To access the database from other Pods, you can use acid-test-cluster1 as host (following from the deployment) within the same namespace, port is standard 5432. Username and password is based on the deployment above.

To increase security, one can deploy Network policy to allow network access to database from particular pods only. See Network Policy. External access, i.e., access from public internet, is disabled by default. It is possible to expose the database via Load Balancer though.

Variants Comparison

We did some benchmarks utilizing standard pgbench tool. There were two benchmarks, pgbench -i -s 1000 (Create column) which creates a table with 100M rows – lower value is better, the second pgbench -T 300 -c10 -j20 -r (TPS column) which runs for 5 minutes and result is number of transactions per second – higher value is better.
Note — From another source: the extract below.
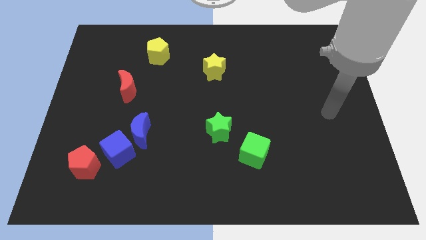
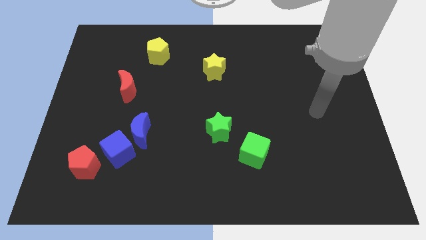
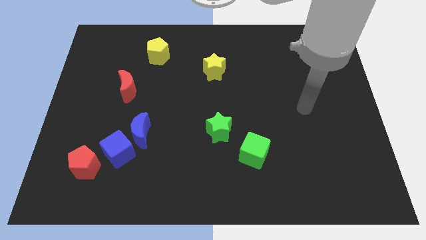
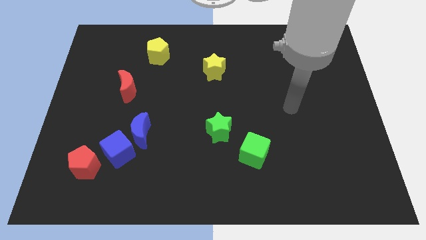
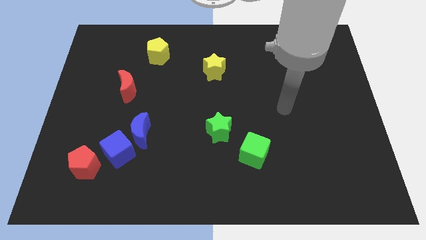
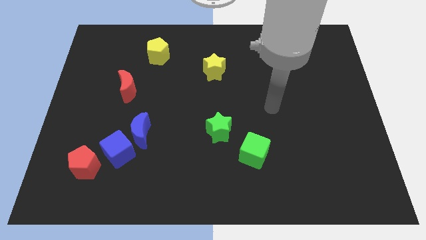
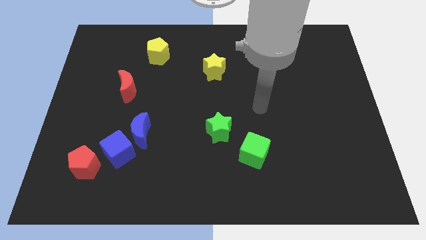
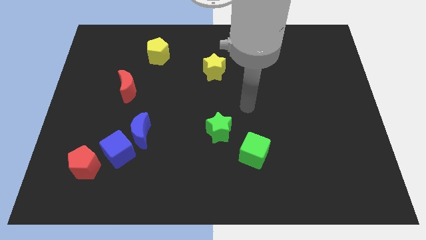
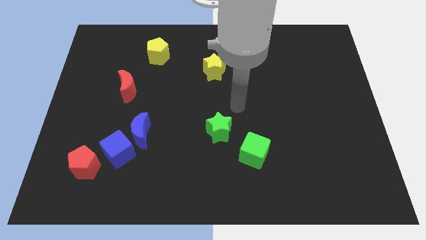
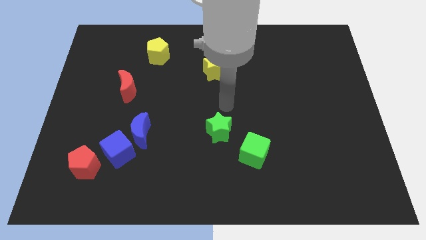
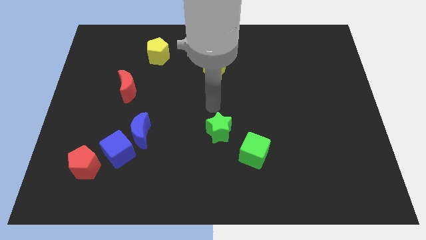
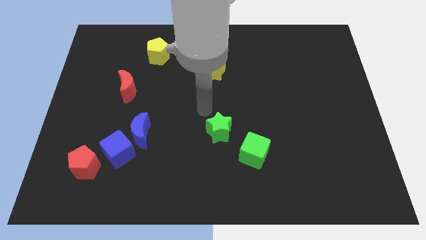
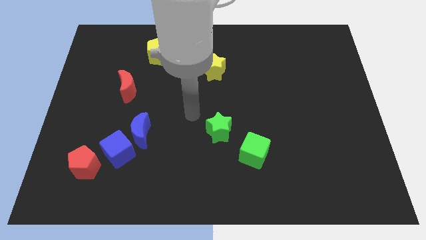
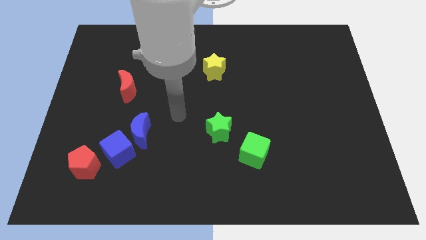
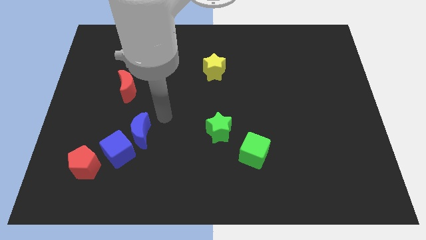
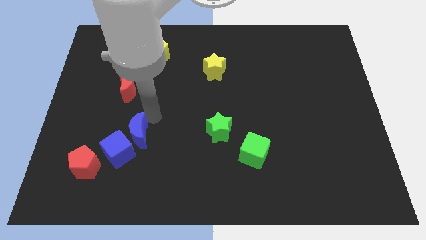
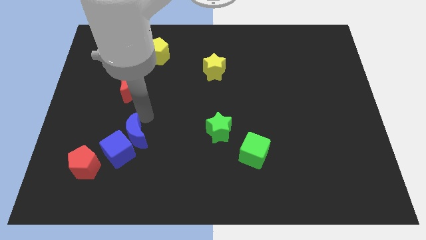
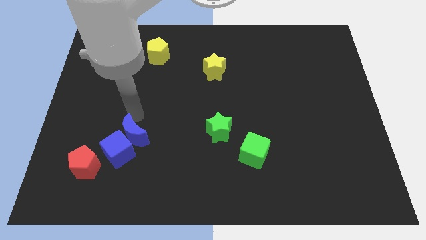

Low resources means Limits: CPU 0.5, Memory 500MB, Requests: CPU 0.01, Memory 100MB. High resources means Limits: CPU 8, Memory 5000MB, Requests: CPU 1, Memory 1000MB. Extreme resources means Limits and Requests: CPU 16, Memory 32GB.

Fail Safe column denotes whether deployment is resilient to a single node failure meaning data loss will occur if a node fails.

Single Instance

Storage Resources Create TPS Fail Safe
Local SSD Low 628 sec 561 No
Local SSD High 263 sec 6745 No
Local SSD Extreme 244 sec 10567 No
NFS Low 586 sec 602 Yes
NFS High 314 sec 4432 Yes
Ceph RBD Low 2457 sec 142 Yes

Cluster Instances

Storage Resources Create TPS Fail Safe
Local SSD Low 704 sec 460 Yes
Local SSD High 277 sec 6550 Yes
Local SSD Extreme 246 sec 10447 Yes
NFS Low 1027 sec 347 Yes
NFS High 389 sec 2310 Yes

Data Backups

Operator offers automatic backups to S3 storage implemented via cronjobs.



Deploy Errors

  1. If you encounter an error in deployment and want to delete and create again, you must ensure that running instance is deleted before creating again. If you create a new instance too early, the instance will not be ever created and you need to use a different name.

  2. If starting instance encounters error in initContainer (which is disabled by default, so no error should be here), it cannot be deleted via removing the deployment above. You must delete the StatefulSet manually. Also in this case, new deployment with the same name will not be possible most probably. We recommend to use some testing names such as test1, test2 for test deployments to mitigate this issue.

  3. If you run out of quotas during the Cluster deployment, only instances within quotas are deployed. Unfortunately, also in this case you cannot remove/redeploy database using these deployments.

  4. If you run out of sizeLimit, Pods will be evicted, i.e., terminated. TBD: what to do? Update specs?

  5. Local SSD variant is not resilient to whole cluster failure. Data can be lost in this case (e.g., if cluster is restored from backup, local data might not be available). It is strongly recommended to backup regularly.